Семеро в одном доме (Сёмин) - страница 8

Она год перед этим у моего однорукого брата Мити жила. Она должна была у него два года прожить, но он не дождался срока, отправил ее ко мне. Митя двадцать лет жил с женщиной, которая лет на десять была старше его. Она умерла, а он женился на молодой. Пишет мне: «Аня, дай хоть последние годы пожить для себя». Боится, что молодая жена не захочет жить с бабкой. Ну, жалко его. Он безотказный такой. Руку ему на фронте оторвало, а он и с одной рукой и столяр и плотник. Он еще до войны у первой своей жены на квартире стоял. Она ему готовила, стирала, а потом и окрутила. Он все собирался уйти от нее, да жалко ему ее было. А потом сын появился — он и вовсе о разводе бросил думать. А теперь вот на старости лет женился на молодой. И другие мои братья тоже от бабки открещиваются: негде, некуда, не с кем. Одной Муле есть где и есть куда — вали всех до кучи!

Так вот она от Мити привезла эту библию. Я вначале испугалась, хотела содрать переплет, а потом подумала — да черт с ним! А бабке и вовсе все равно, лишь бы переплет хороший.

Я ей говорю: «Мама, вы же библию читаете, как же вы можете детей не любить? Чего вы с ними деретесь?» Она говорит: «Это Женька. Ира меня не трогает». А Ирка, правда, никогда ее не трогала, хотя бабка и у нее конфеты воровала. Ирка и промолчит. И мне ничего не скажет. А Женька так не мог. Женька лез на рожон. Но и на бабку никогда не жаловался.

А вообще он был не жадный. В сорок четвертом году на вокзале было много беженцев — возвращались домой. Едут-едут из Сибири за фронтом.
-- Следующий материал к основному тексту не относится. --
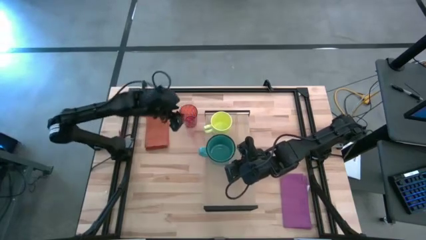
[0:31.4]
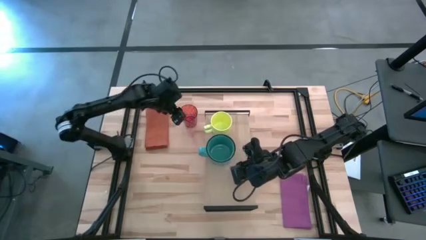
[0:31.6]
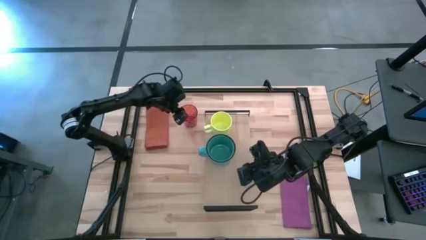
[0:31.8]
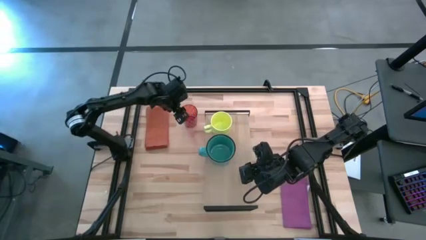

С детьми, с вещами, без вещей. Голодные, босые — кто как. Кто с билетом, кто без билета. На товарных, на воинских эшелонах, редко кто на пассажирском. Довезет их воинский или товарный до нашего города — они и слоняются по вокзалу, пока их на новый не посадят. Я с пирожками пойду на вокзал, а они пирожки глазами едят. Ну, я кому и раздам. Один раз мы с Женькой ходили, он говорит: «Муля, дай вон той тетке пирожок, у нее дети». А там вшивое такое, грязное, больное. Смотреть страшно. Да не ее, дуру, мне жалко, а детей жалко. «Куда едешь?» — «На Украину». — «На Украину! А детей довезешь?» — «Як бог даст». — «Дура ты, дура!.. Возьмем их, Женька, домой? Пусть хоть ночь переспят?» — «Бери, мать». Привела я их вот сюда, поставила на печку ведро воды, еще кастрюлю: «Раздевайтеся!» А ей, дуре, и переодеться не во что. Трое суток у нас жили, а потом я ее на вокзал проводила, сама на поезд сажала. Ничего, доехали. Потом года три письма писала.

Жалко-то жалко, а и некогда было жалеть. Себя некогда пожалеть. Испугаться за себя некогда. Немцы, когда в первый раз пришли, народу на вокзальной площади положили — и военных и беженцев! Бабы мне говорят: «Аня, нет ли и твоего Николая там?» Я и побежала. Как увидела эту площадь — боже ты мой! Немец на меня автоматом, кричит по-своему, а мне хоть бы что. Иду от мертвого к мертвому, в лица им засматриваю. И после страху этого было столько, что я перестала различать, где страх, а где не страх.